The sequence of transformations from \(p\) to the distribution \(q\) is called a flow. The term normalizing in normalizing flow refers to the fact that after a transformation is applied, the resulting pdf is valid i.e. it integrates to one over its support and is greater than zero.

So how do we actually train normalizing flows? The objective function is simply the maximum log-likelihood of the data:

\[\begin{align*} \theta^* &= \max_{\theta} \sum_{i=1}^{N} \log(\hat{q}(\mathbf{x}^{(i)})) \\ &= \max_{\theta} \sum_{i=1}^{N} \log\left(p\left(f^{-1}_\theta(\mathbf{x}^{(i)})\right)\left|\det \frac{\partial f^{-1}_\theta}{\partial \mathbf{x}_K}(\mathbf{x}^{(i)})\right|\right) \\ &= \max_{\theta} \sum_{i=1}^{N} \log p\left(f^{-1}_\theta(\mathbf{x}^{(i)})\right) + \log\left|\det \frac{\partial f^{-1}_\theta}{\partial \mathbf{x}_K}(\mathbf{x}^{(i)})\right| \end{align*}.\]

Remember that \(f_\theta\) is actually the composition of a sequence of functions. We can simplify the determinant of the Jacobian of \(f\) by decomposing it as a product of the individual determinants. Specifically,

\[\left| \det \frac{f^{-1}_\theta}{\partial \mathbf{x}_K} \right| = \left| \det \prod_{k=1}^K \frac{f^{-1}_k}{\partial \mathbf{x}_k} \right| = \prod_{k=1}^K \left| \det \frac{f^{-1}_k}{\partial \mathbf{x}_k} \right|.\]

Substituting this back into the objective function we obtain:

\[\max_{\theta} \sum_{i=1}^{N} \left[ \log p\left(f^{-1}_\theta(\mathbf{x}^{(i)})\right) + \sum_{k=1}^{K} \log\left|\det \frac{f^{-1}_k}{\partial \mathbf{x}_k} (\mathbf{x}^{(i)}) \right|\right]\]

We can intepret the sum of log determinants in the objective as each “layer” of the flow receiving additional gradient information about the objective.

Research in normalizing flow methods typically consists of constructing transformations that are easily invertible and have simple and computable log determinants. There are many normalizing flow methods such as RealNVP, NICE, Glow etc. Here we will cover residual flows which will provide a good context for continuous normalizing flows.

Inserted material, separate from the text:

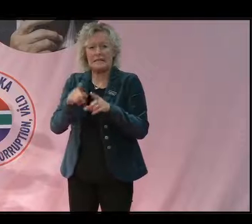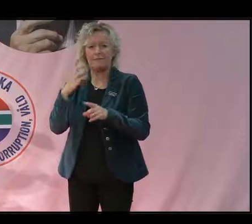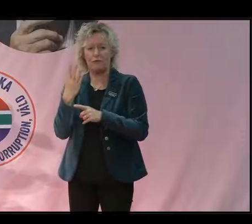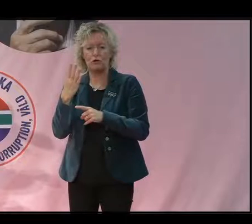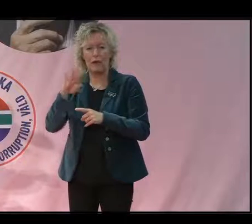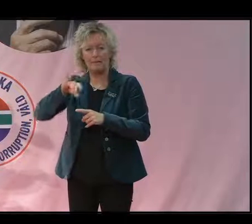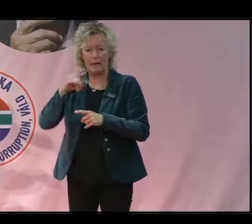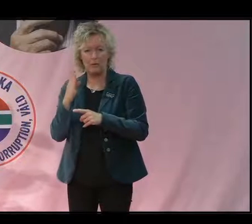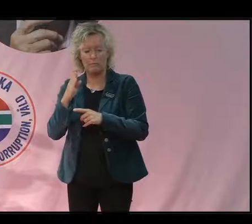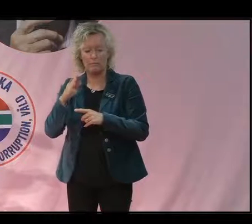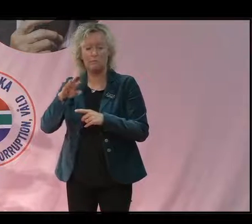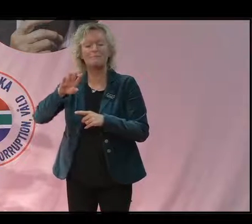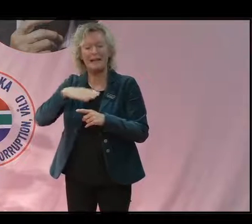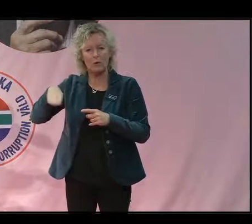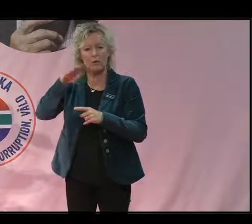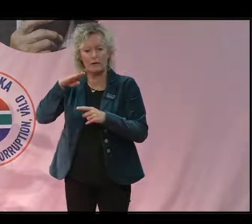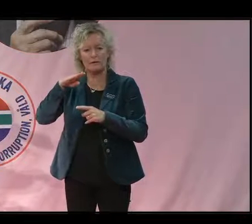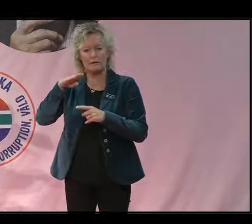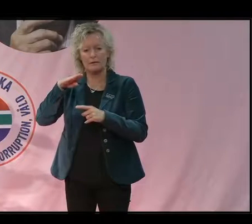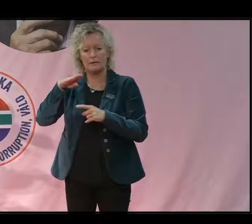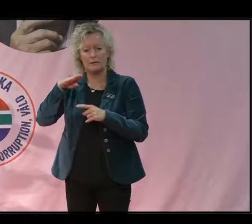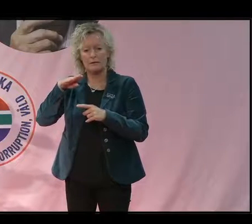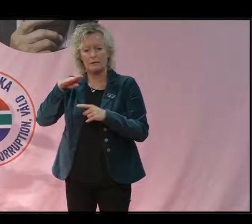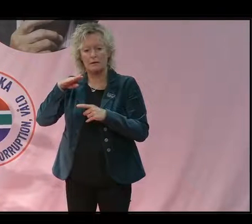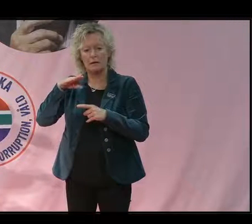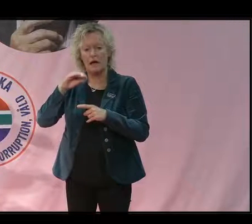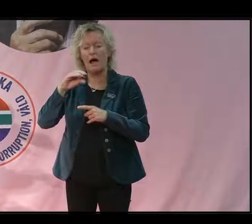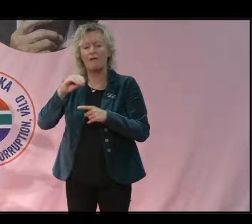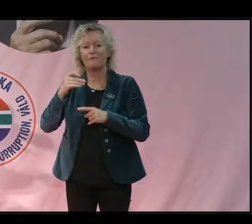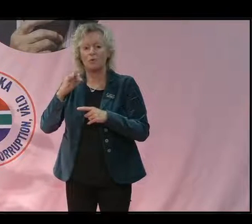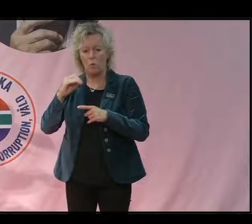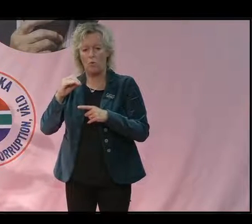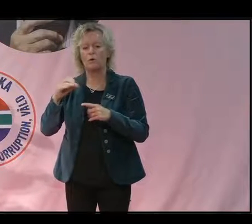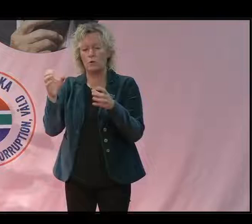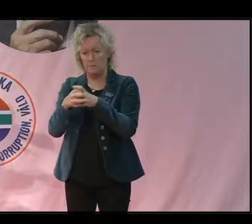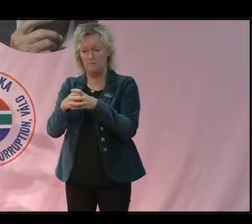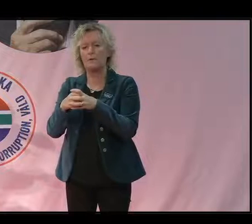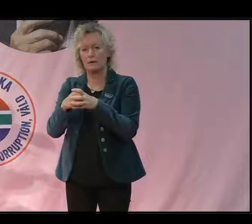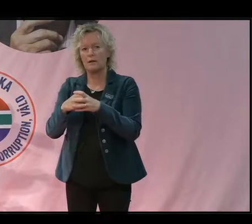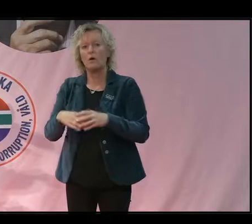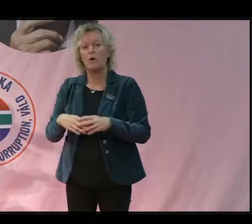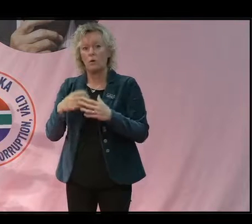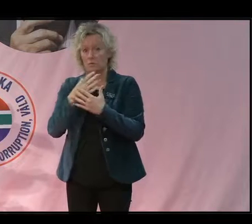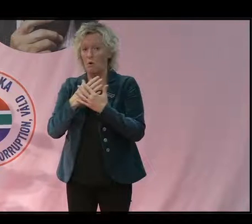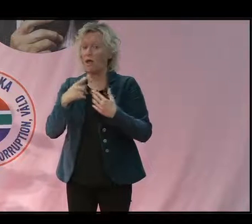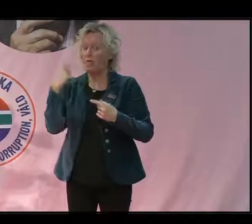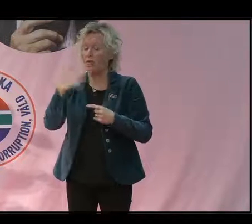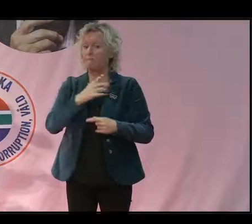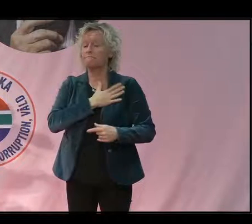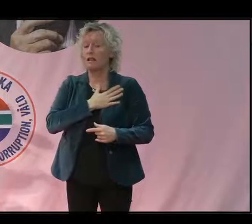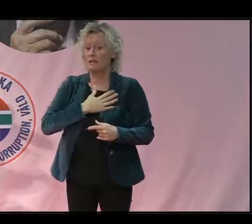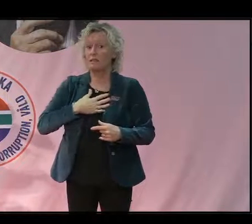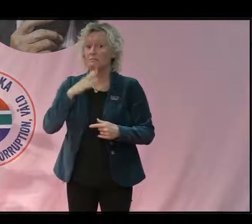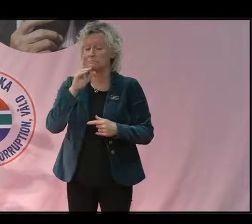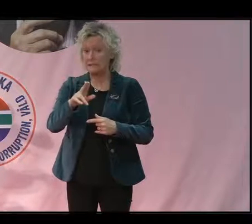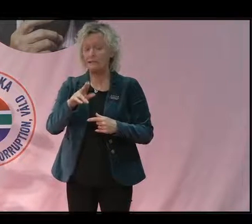afroättlingar. Och en stor del av de här urfolksgrupperna, de lever i absolut fattigdom. Och de kommer verkligen
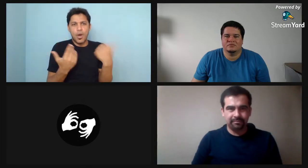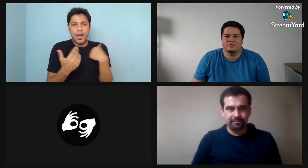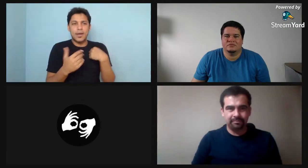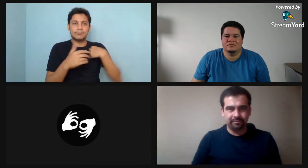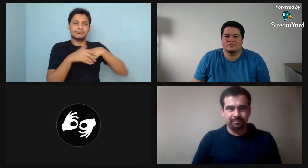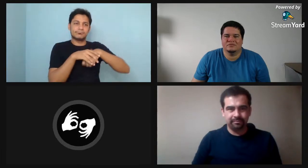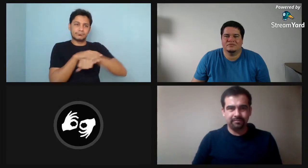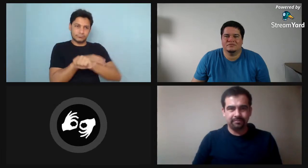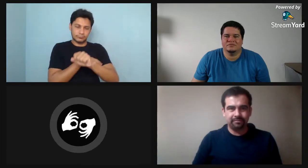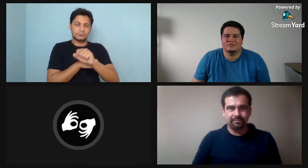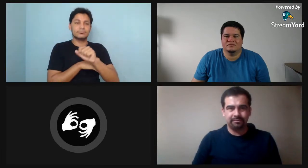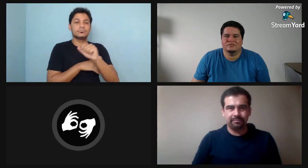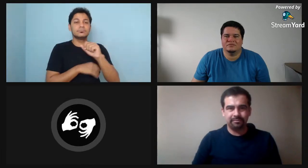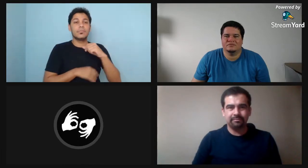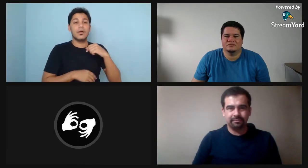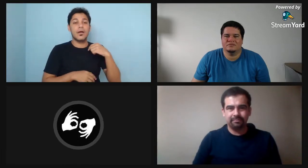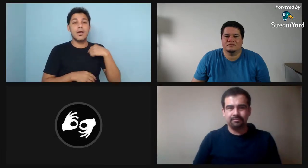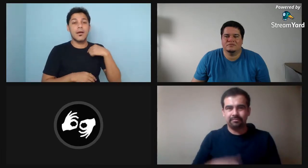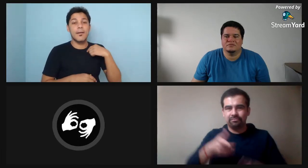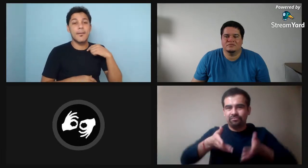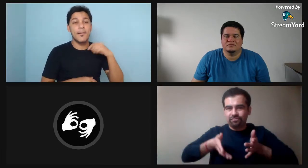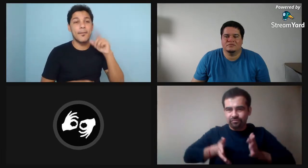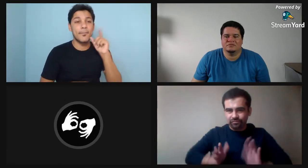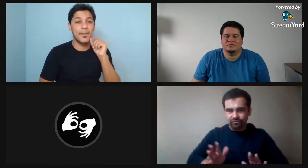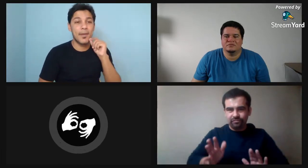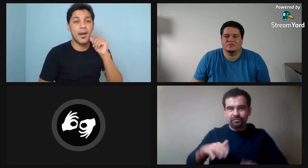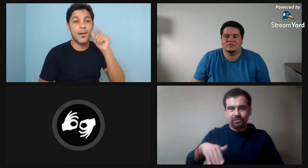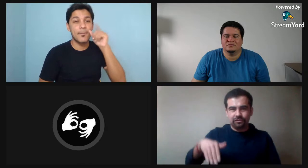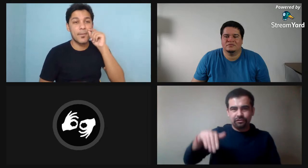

Continuous Normalizing Flows

In the normalizing flows setup, the transformation from the simple distribution to the data distribution is expressed as a finite composition of functions. We can intepret this as a discrete time process with \(K\) time steps. Each time step, there is a corresponding intermediary distribution. But how can we obtain a transformation from \(p\) to \(q\) in continuous time rather than discrete time? Imagine this as taking an infinite composition of functions. We can express this idea using Ordinary Differential Equations (ODE), the fundamental component of Continuous Normalizing Flows (CNF).

To gain some intuition for flows and ODEs, consider a two dimensional vector field \(v(x,y)\) that describes the movement of water along a river. For simplicity, assume it’s time-independent. The velocity of the water at point \((x,y)\) is the vector \(v(x,y)\). The path of a pebble thrown into the water at time \(t=0\) is a curve we can parameterize as a function of time:

\[\mathbf{r}(t) = \langle x(t), y(t) \rangle, \qquad \mathbf{r}(0) = \langle x(0), y(0) \rangle.\]

We can solve for the position of the pebble at time \(t\) by making the following observation. At time \(t\), the velocity of the pebble, \(\frac{d\mathbf{r}(t)}{dt}\), is the same as the velocity of the water at the position of the pebble, \(\mathbf{r}(t)\). We can model this with the following ODE:

\[\frac{d\mathbf{r}(t)}{dt} = v(\mathbf{r}(t)) = v(x(t), y(t)), \qquad \mathbf{r}(0) = \langle x(0), y(0) \rangle.\]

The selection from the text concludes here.